Answer the question based only on the following context:

{context}

---

Answer the question based on the above context: {question}
"""

In [28]:
def Response(query):
    results = db.similarity_search_with_relevance_scores(query, k=3)
    if len(results) == 0 or results[0][1] < 0.7:
        print(f"Unable to find matching results.")
    
    context_text = "\n\n---\n\n".join([doc.page_content for doc, _score in results])
    prompt_template = ChatPromptTemplate.from_template(PROMPT_TEMPLATE)
    prompt = prompt_template.format(context=context_text, question=query)
    print(prompt)
    
    model = ChatOpenAI()
    response_text = model.invoke(prompt)
    
    sources = [doc.metadata.get("source", None) for doc, _score in results]
    formatted_response = f"Response: {response_text}\nSources: {sources}"
    print(formatted_response)

In [29]:
Response("What is NLTK?")

Human: 
Answer the question based only on the following context:

NLTK defines an infrastructure that can be used to build NLP programs in Python. It provides basic classes for representing data relevant to natural language processing; standard interfaces for performing tasks such as part-of-speech tagging, syntactic parsing, and text classification; and standard

---

The book is based on the Python programming language together with an open source library called the Natural Language Toolkit (NLTK).
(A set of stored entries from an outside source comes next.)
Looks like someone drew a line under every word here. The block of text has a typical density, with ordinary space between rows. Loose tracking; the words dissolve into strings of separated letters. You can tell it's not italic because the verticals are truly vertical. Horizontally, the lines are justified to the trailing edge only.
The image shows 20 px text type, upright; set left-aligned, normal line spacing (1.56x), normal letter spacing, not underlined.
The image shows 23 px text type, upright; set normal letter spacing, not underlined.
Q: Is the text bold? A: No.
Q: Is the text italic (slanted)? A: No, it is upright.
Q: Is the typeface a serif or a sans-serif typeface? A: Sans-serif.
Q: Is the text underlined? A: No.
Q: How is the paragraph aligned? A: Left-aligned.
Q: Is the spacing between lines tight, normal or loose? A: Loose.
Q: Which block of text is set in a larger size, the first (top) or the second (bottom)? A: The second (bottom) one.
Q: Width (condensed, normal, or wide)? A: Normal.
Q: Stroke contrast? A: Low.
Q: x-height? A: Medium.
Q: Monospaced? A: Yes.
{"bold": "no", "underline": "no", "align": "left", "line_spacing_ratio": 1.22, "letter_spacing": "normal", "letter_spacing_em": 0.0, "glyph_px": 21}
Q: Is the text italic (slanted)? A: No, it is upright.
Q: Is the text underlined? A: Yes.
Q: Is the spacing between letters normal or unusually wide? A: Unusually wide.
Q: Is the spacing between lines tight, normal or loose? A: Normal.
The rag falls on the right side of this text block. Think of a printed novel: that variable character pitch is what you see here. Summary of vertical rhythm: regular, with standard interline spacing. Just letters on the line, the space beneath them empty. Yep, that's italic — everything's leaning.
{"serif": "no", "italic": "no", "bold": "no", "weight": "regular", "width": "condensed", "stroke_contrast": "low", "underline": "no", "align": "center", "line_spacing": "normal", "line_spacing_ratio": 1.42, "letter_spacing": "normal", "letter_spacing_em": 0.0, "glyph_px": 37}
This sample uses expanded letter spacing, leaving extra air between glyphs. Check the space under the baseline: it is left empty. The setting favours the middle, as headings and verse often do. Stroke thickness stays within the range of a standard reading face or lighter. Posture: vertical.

NLTK includes extensive software, data, and documentation, all freely downloadable from http://nltk.org/. Distributions are provided for Windows, Macintosh and Unix

---

NLTK was originally created in 2001 as part of a computational linguistics course in the Department of Computer and Information Science at the University of Pennsylvania. Since then it has been developed and expanded with the help of dozens of contributors. It has now been adopted in courses in

---

Answer the question b

In [30]:
Response("How would I get a word frequency distribution?")

Human: 
Answer the question based only on the following context:

Contrast this situation with frequency distributions (3), where we specify a word, and get back a number, e.g. fdist['monstrous'], which tells us the number of times a given word has occurred in a text. Look-up using words is familiar to anyone who has used a dictionary. Some more examples are

---

../images/tally.png
Figure 3.1: Counting Words Appearing in a Text (a frequency distribution)

---

A frequency distribution is a collection of items along with their frequency counts (e.g., the words of a text and their frequency of appearance).

---

Answer the question based on the above context: How would I get a word frequency distribution?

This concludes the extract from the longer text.